Mohan Babu P, Bapaye Jay, Hamaad Rahman Syed, Loganathan Priyadarshini, Muthusamy Arunkumar, Ramai Daryl, Ponnada Suresh, Chandan Saurabh, Fang John
Gastroenterology and Hepatology, University of Utah Health School of Medicine, Salt Lake City, UT (Babu P. Mohan, Daryl Ramai, John Fang).
Internal Medicine, Rochester General Hospital, NY (Jay Bapaye).
Ann Gastroenterol. 2022 Nov-Dec;35(6):584-591. doi: 10.20524/aog.2022.0749. Epub 2022 Oct 17.
Esophageal food bolus and/or foreign body (FB) impaction is a common gastrointestinal emergency. This meta-analysis reports on the pooled outcomes of cap-assisted endoscopic removal of esophageal FB.
We conducted a comprehensive search of several databases (inception to February 2022) to identify studies reporting on the use of a cap in the endoscopic treatment of esophageal FB ingestion. A random effects model was used to calculate the pooled odds ratio (OR) and mean difference (MD), and I values were used to assess the heterogeneity.

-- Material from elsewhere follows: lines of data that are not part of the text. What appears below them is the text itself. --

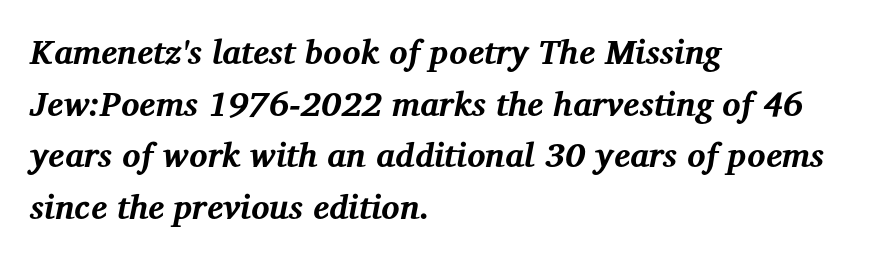
Q: Is the text bold? A: Yes.
Q: Is the text italic (slanted)? A: Yes, it leans right by about 12 degrees.
Q: Is the typeface a serif or a sans-serif typeface? A: Serif.
Q: Is the text underlined? A: No.
Q: How is the paragraph aligned? A: Left-aligned.
Q: Is the spacing between letters normal or unusually wide? A: Normal.
Q: Is the spacing between lines tight, normal or loose? A: Normal.
Q: Width (condensed, normal, or wide)? A: Normal.
Q: Stroke contrast? A: Medium.
Q: x-height? A: Medium.
Q: Monospaced? A: No.
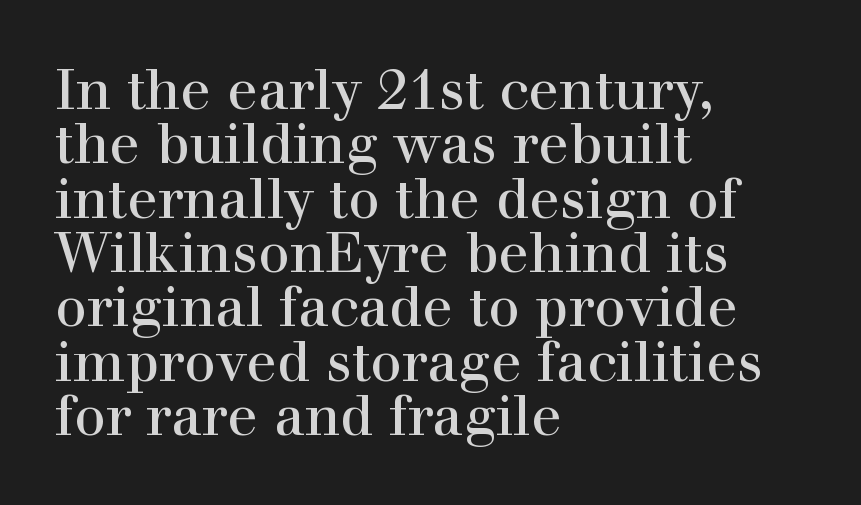
The image shows 56 px serif type, upright; set left-aligned, tight line spacing (0.97x), normal letter spacing, not underlined; a medium x-height.

Six studies were analyzed that included 677 patients treated with cap-assisted and 694 with conventional endoscopy. The cap-assisted method demonstrated statistically significant superiority regarding technical success (pooled OR 7.1, 95% confidence interval [CI] 1.9-26.9; P=0.004), en bloc removal (pooled OR 26.6, 95%CI 17.6-40.2; P<0.001), as well as a significantly shorter procedure time (4.6 min, 95%CI -6.5 to -2.8; P<0.001), compared to conventional methods. Better technical success was achieved with the cap-assisted method performed under anesthesia (OR 8.7, 95%CI 1.6-47.7; P=0.01); however, a shorter procedure time was noted for the cap-assisted method without anesthesia (MD -1.5, 95%CI -2.7 to -0.4; P=0.01). Pooled adverse events were comparable. Pooled OR for mucosal tear was significantly lower with cap in food bolus impaction (OR 0.07, 95%CI 0.01-0.38; P=0.02).
Cap-assisted endoscopic removal of esophageal FB is associated with better technical success and en bloc removal, and a shorter procedure time compared to conventional methods, with comparable adverse events.
食管食物团块和/或异物嵌顿是常见的胃肠道急症。本荟萃分析报告了帽辅助内镜下取出食管异物的综合结果。
我们全面检索了多个数据库(从建库至2022年2月),以识别有关在内镜治疗食管异物摄入中使用帽的研究。采用随机效应模型计算合并比值比(OR)和平均差(MD),并使用I²值评估异质性。
分析了6项研究,其中677例患者接受帽辅助治疗,694例接受传统内镜检查。与传统方法相比,帽辅助方法在技术成功率(合并OR 7.1,95%置信区间[CI] 1.9 - 26.9;P = 0.004)、整块取出率(合并OR 26.6,95%CI 17.6 - 40.2;P < 0.001)以及手术时间显著缩短(4.6分钟,95%CI - 6.5至 - 2.8;P < 0.001)方面显示出统计学上的显著优势。在麻醉下进行帽辅助方法可获得更好的技术成功率(OR 8.7,95%CI 1.6 - 47.7;P = 0.01);然而,未麻醉的帽辅助方法手术时间更短(MD - 1.5,95%CI - 2.7至 - 0.4;P = 0.01)。合并不良事件相当。食物团块嵌顿中使用帽时黏膜撕裂的合并OR显著更低(OR 0.07,95%CI 0.01 - 0.38;P = 0.02)。
与传统方法相比,帽辅助内镜下取出食管异物具有更好的技术成功率和整块取出率,手术时间更短,不良事件相当。